Construction & Deliveries
There is currently about 838,000 sq. ft. under construction in the San Antonio industrial market, with a large percentage of that space available for lease. The largest projects underway at the end of first quarter 2017 were Green Mountain Business Park #7, a 100,000-sq.-ft. building; and Alamo Ridge Business Park 4, a 96,930-sq.-ft. facility. Some of the notable 2017 deliveries include I-35 Logistics Center, a 397,600-sq.-ft. facility; and 1287 Industrial Dr., a 15,618-sq.-ft. building that delivered in first quarter 2017 and is now 75% occupied, both in Comal County. One of the most sought-after submarkets is the Northeast, in part because of its proximity to the I-35 corridor and convenient access to other major interstates. Two of the industrial market’s largest deals were completed in that submarket at the end of 2016, including Alamo Brewery’s 54,400-sq.-ft. deal and Alamo Brokerage’s 46,500-sq.-ft. lease at the Cornerstone Business Park.
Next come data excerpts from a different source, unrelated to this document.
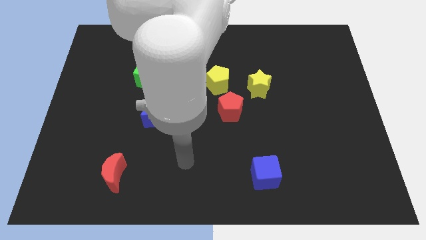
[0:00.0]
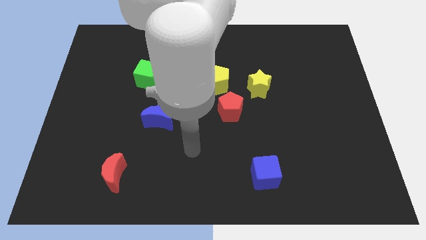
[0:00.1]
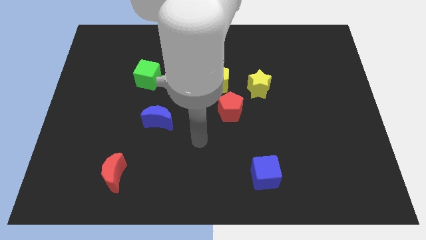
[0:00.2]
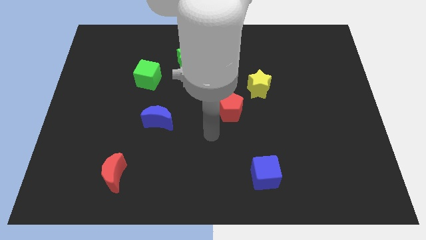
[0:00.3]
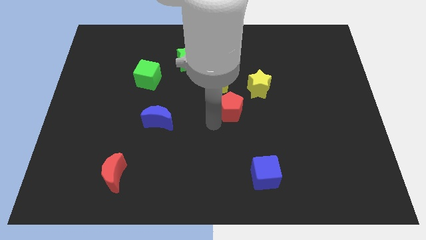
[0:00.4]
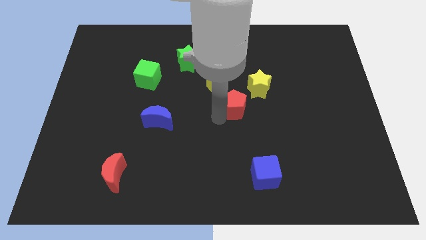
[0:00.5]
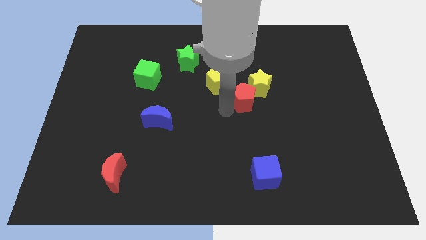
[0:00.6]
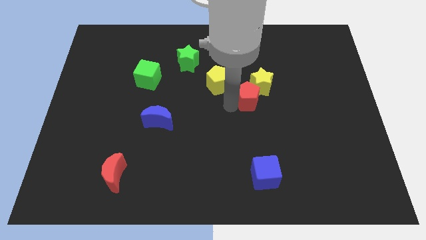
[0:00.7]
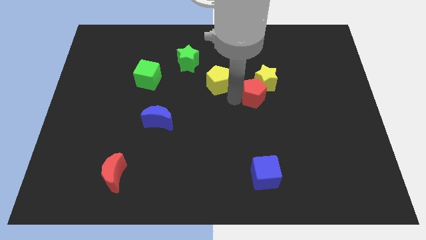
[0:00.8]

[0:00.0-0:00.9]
move the yellow pentagon away from the red pentagon and yellow star

Overall leasing activity was down slightly quarter-over-quarter, from 814,561 sq. ft. to 808,029 sq. ft., while year-over-year was down almost 50%, from 1.5 million sq. ft. The average sq. ft. leased per quarter during the last 10 years is approximately 1.0 million sq. ft. The largest lease signings occurring in 2017 included the 147,840-sq.-ft. deal inked by Southern Warehousing in the South submarket; the 30,610-sq.-ft. lease signed by Arion Perfume & Beauty, Inc. at Tri-County Industrial Park – Building 5 in the Comal County market; and 11,800 sq. ft. taken by Crafco Inc. at 2103 Danbury St in the North Central market.